Normalize span names with Adaptive Traces semantic conventions

Grafana Cloud Available in public preview Adaptive Telemetry Traces Metrics
Release date: 2026-04-29

Adaptive Traces can now normalize span names to follow OpenTelemetry semantic conventions during ingestion, collapsing high-cardinality names like /api/users/7f3a into stable forms like GET /api/users/{id}. Span metrics aggregate under stable route names, dashboards show meaningful operations, and TraceQL queries match consistently across services regardless of how each team labeled its spans. The original name is preserved as grafana.original_span_name so you can still drill down to a specific request.


Sample every service fairly with Adaptive Traces volumetric sampling

Grafana Cloud Available in public preview Adaptive Telemetry
Release date: 2026-04-24

Keep every service represented in your traces, even when a few noisy ones produce most of your traffic. Volumetric sampling automatically distributes your sampling budget across services and request types, so low-volume services aren’t crowded out — and you can often lower your overall sampling rate while keeping coverage intact. Learn more in the docs →


Editable working hours for Grafana IRM

Grafana Cloud Generally Available IRM
Release date: 2026-04-23

You can now define custom working hours so teammates can see when you’re available directly from on-call schedules.

We’ve added a Working hours tab to your IRM user settings, so you can customize each day to match your actual schedule. Toggle individual days on or off, set up to three time ranges per day, and copy one day’s configuration to all other active days in one click.

Once enabled, schedule hover cards show whether you’re currently inside or outside your working hours based on your configured availability.

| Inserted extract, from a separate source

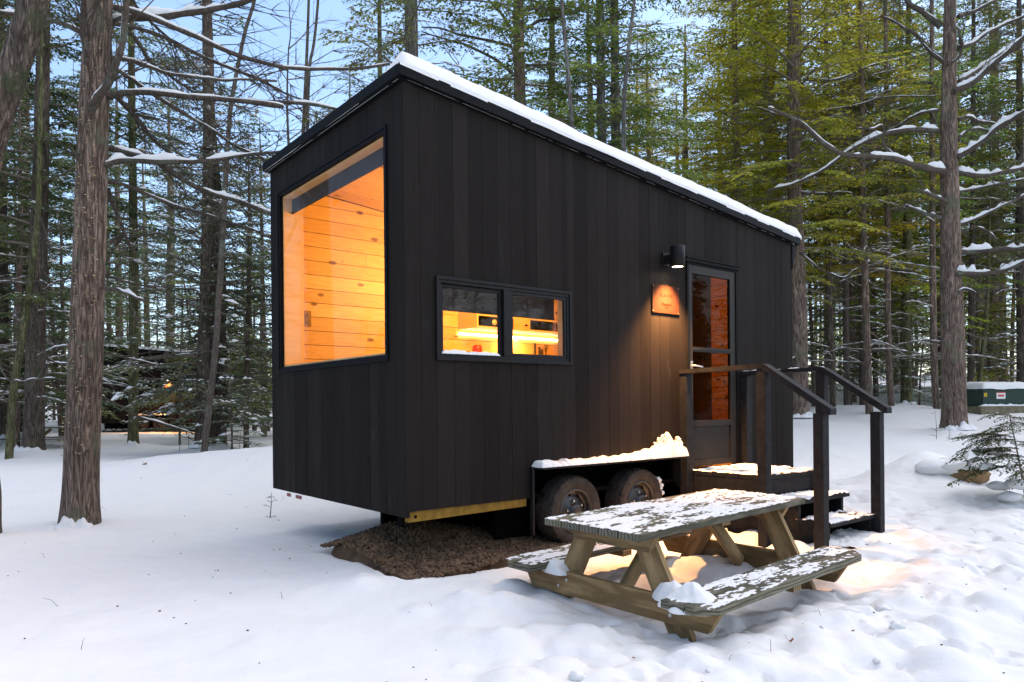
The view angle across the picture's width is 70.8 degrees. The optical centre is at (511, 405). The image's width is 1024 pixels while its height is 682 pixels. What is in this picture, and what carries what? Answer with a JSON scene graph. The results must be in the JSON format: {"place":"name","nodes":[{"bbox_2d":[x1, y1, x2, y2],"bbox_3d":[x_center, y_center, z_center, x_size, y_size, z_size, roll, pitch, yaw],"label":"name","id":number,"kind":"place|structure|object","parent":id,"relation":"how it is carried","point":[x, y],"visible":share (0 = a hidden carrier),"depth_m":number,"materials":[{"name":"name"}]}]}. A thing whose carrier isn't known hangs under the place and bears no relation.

Screenshot of IRM settings with Working hours enabled, showing default hours set to 09:00–17:00.


FOCUS: Standardized Cost and Usage Data

Grafana Cloud Generally Available Cost management
Release date: 2026-04-23

Access and analyze Grafana Cloud cost and usage data using the open FOCUS standard

We’re excited to announce the general availability of FOCUS support in the Cost Management and Billing app!


Anomaly Alerts (Usage Spike Detection)

Grafana Cloud Generally Available Cost management Alerting
Release date: 2026-04-22

Detect unexpected spikes and drops in usage with intelligent anomaly detection

We’re excited to announce the general availability of Anomaly Alerts in the Cost Management and Billing app!


End-to-End Root cause: Jump from a Synthetic Monitoring check straight to its trace

Grafana Cloud Generally Available Synthetic Monitoring
Release date: 2026-04-22

Synthetic Monitoring checks are now linked to distributed traces they generate in Grafana Cloud Traces! When a Scripted check fails or looks slow, you can open the underlying trace with a single click from the check’s logs and see exactly which service, span, and downstream call caused the problem.

This helps to shrink the gap between a poor user experience and the underlying root cause.


Error Fingerprinting in Frontend Observability

Grafana Cloud Generally Available
Release date: 2026-04-21

A single bug can generate hundreds of unique error entries when messages contain variable data like memory addresses, line numbers, or request IDs. This fragments counts, skews prioritization, and floods on-call engineers with duplicate alerts.